Исчерпав любые доводы, Шон показал другу фотки школ в Израиле и военные подразделения — счастливую молодёжь с миролюбивыми лицами, — Манюк гнусаво прочитал заупокоённую молитву по евреям, которых коварство врага заставило сойтись в одном месте, чтобы убить их, как во времена варшавского гетта.
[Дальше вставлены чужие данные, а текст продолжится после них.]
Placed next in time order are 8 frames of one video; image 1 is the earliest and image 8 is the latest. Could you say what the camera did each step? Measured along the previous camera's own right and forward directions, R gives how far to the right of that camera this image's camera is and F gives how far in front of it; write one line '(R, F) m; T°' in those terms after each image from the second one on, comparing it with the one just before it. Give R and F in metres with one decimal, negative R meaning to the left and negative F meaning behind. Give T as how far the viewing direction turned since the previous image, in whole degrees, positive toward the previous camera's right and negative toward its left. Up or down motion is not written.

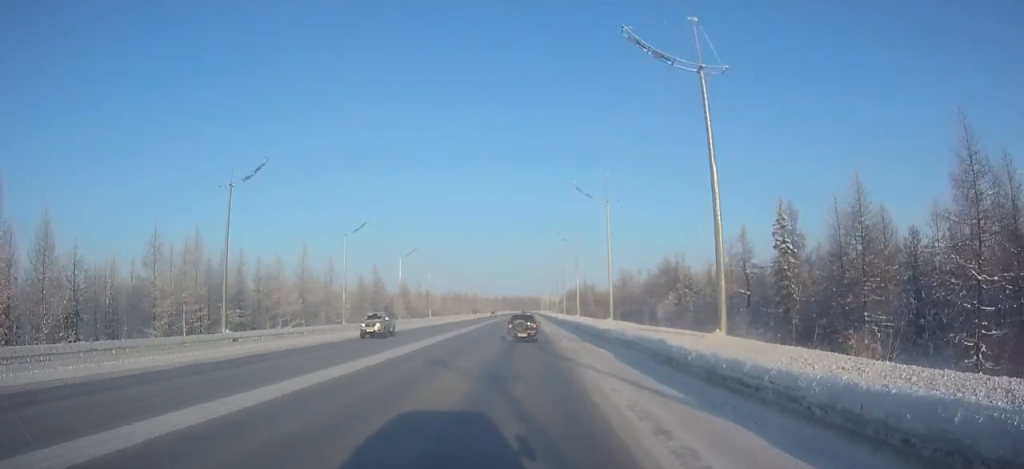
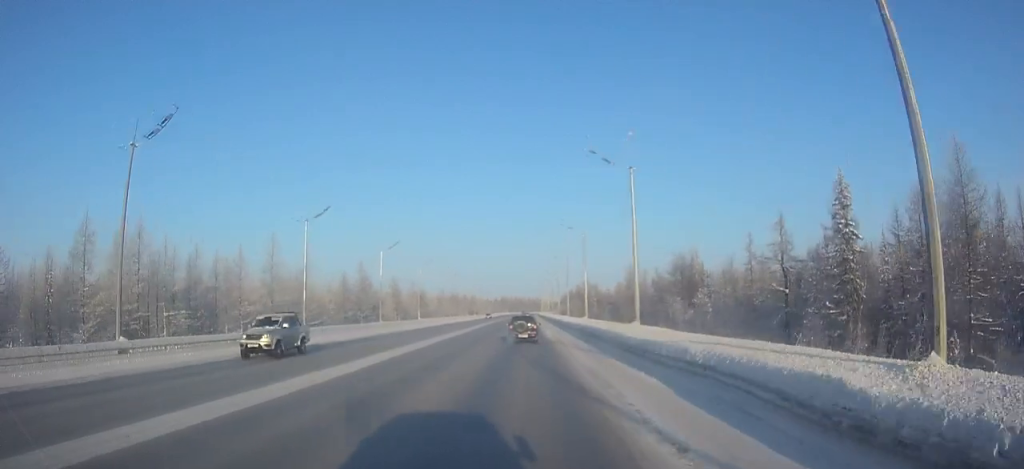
(0.0, +10.2) m; 0°
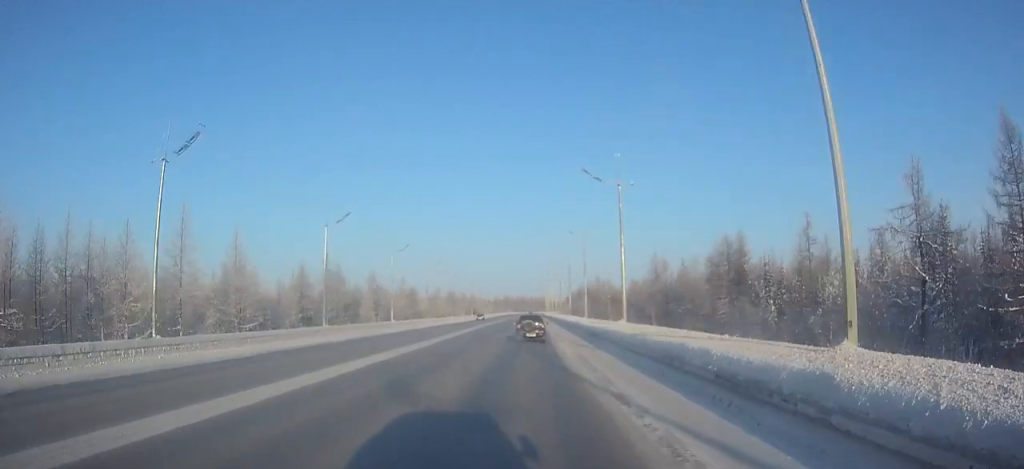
(0.0, +20.8) m; 0°
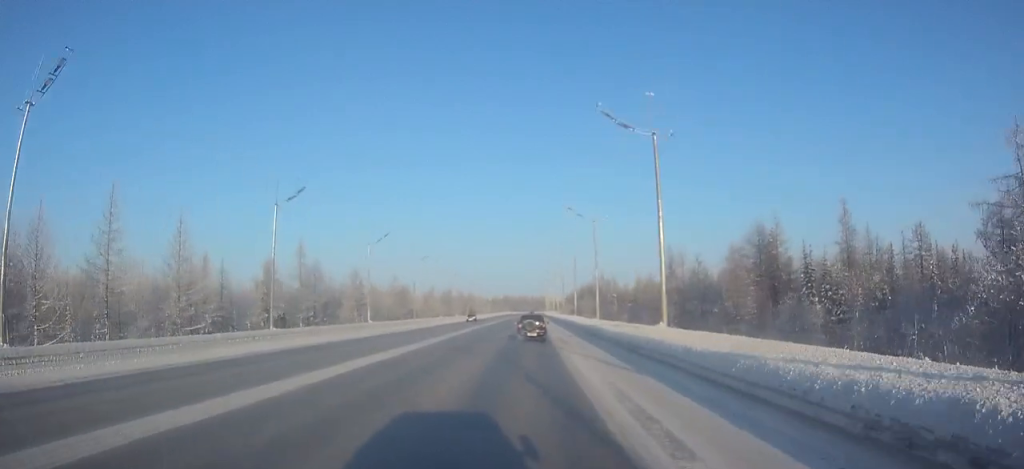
(0.0, +10.6) m; 0°
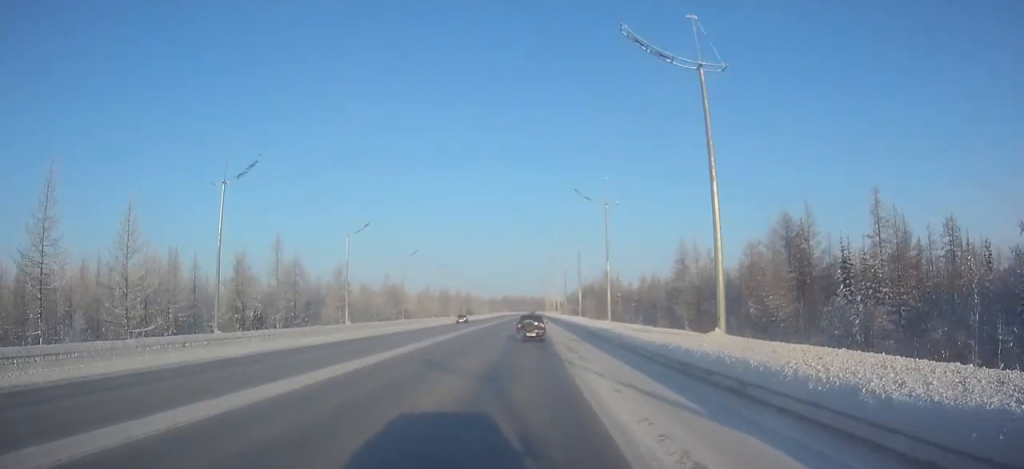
(0.0, +7.6) m; 0°
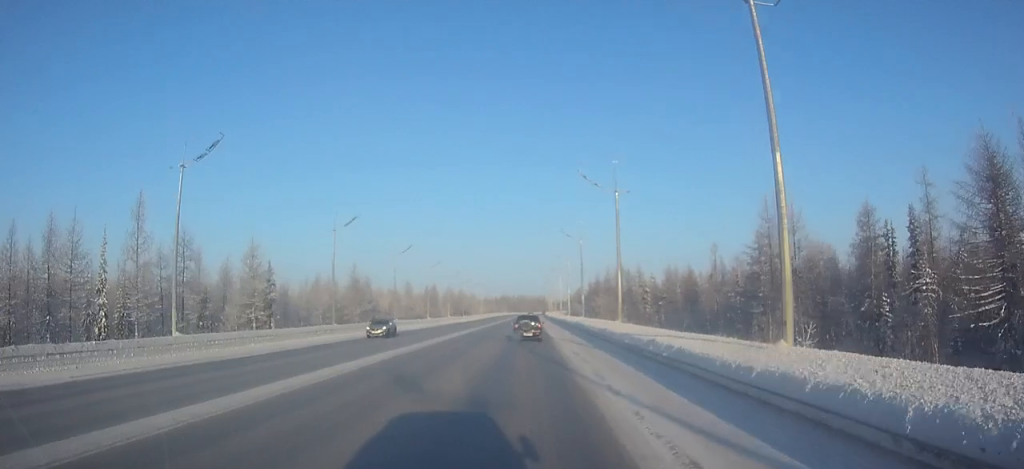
(0.0, +29.3) m; 0°
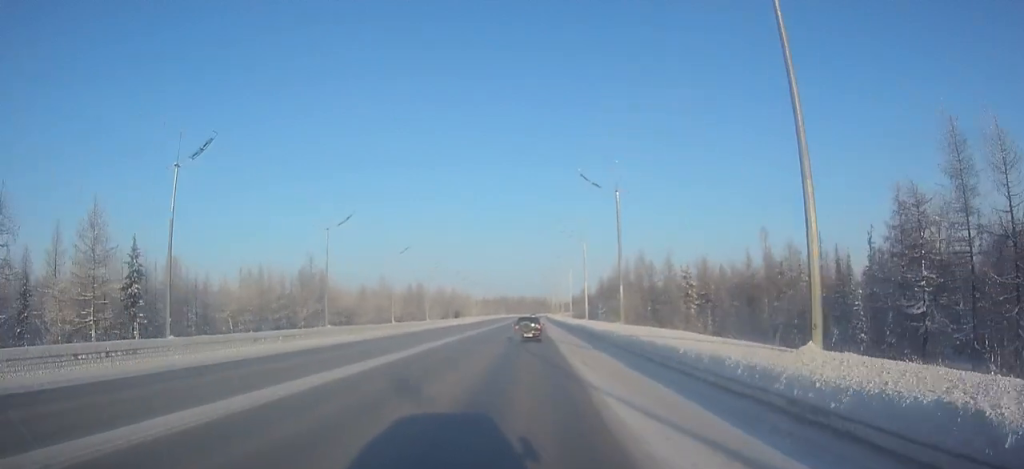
(0.0, +26.1) m; 0°
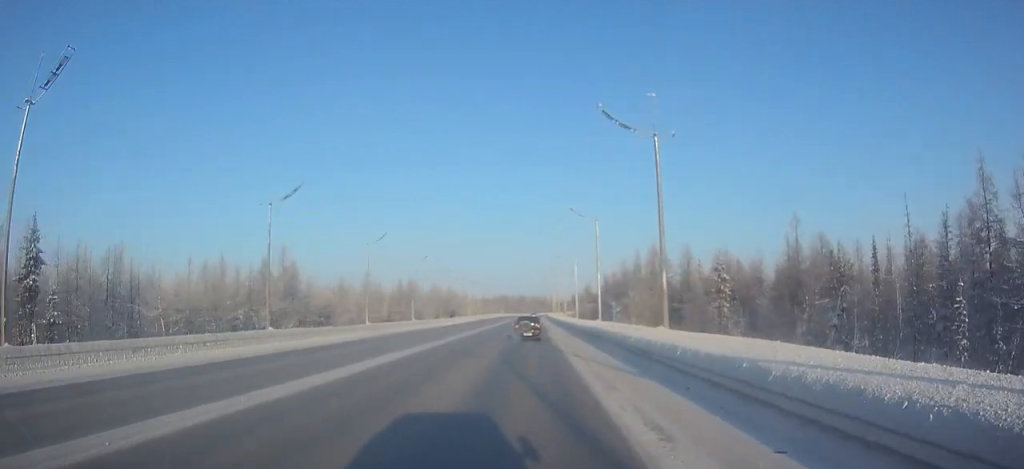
(0.0, +11.9) m; 0°

Манюк был тупым человеком и Шон это знал. Разум бедного не был настолько выносливым, как его тело. В концлагере индейца обожал мучить помощник коменданта Айхмана, эсэсовский штурмфюрер Шульц. Никто не верил, что Манюк сумеет вырваться из рук того невредимым. Как и Шон, Манюк до войны был портным. Пусть его пальцы потеряли сноровку, индеец очень быстро освоил иголку, и мастерская ≪Портной Парижа≫ стала справляться с заказами, текущими от людей. Рабочее место Манюка находилось в мрачном углу, за плотной шторой из сатина, которая утаивала индейца от чужих глаз. На улицу Манюк выходил только после того, как стихали шаги прохожих и закрывались остальные заведения. Он всегда думал о своём и странно улыбался; глаза его странно блестели, излучая свет, который приносит горе его хозяину. Два раза индеец сбегал; первый раз он убежал на 16-ю годовщину падения рейха.
Менты Боливии возвратили его.
Второй раз индеец убежал надолго.
Вернувшись, он налакался, ходил по улице и орал:
— Со скал скоро придёт великий вождь и устроит жителям кровавую бойню.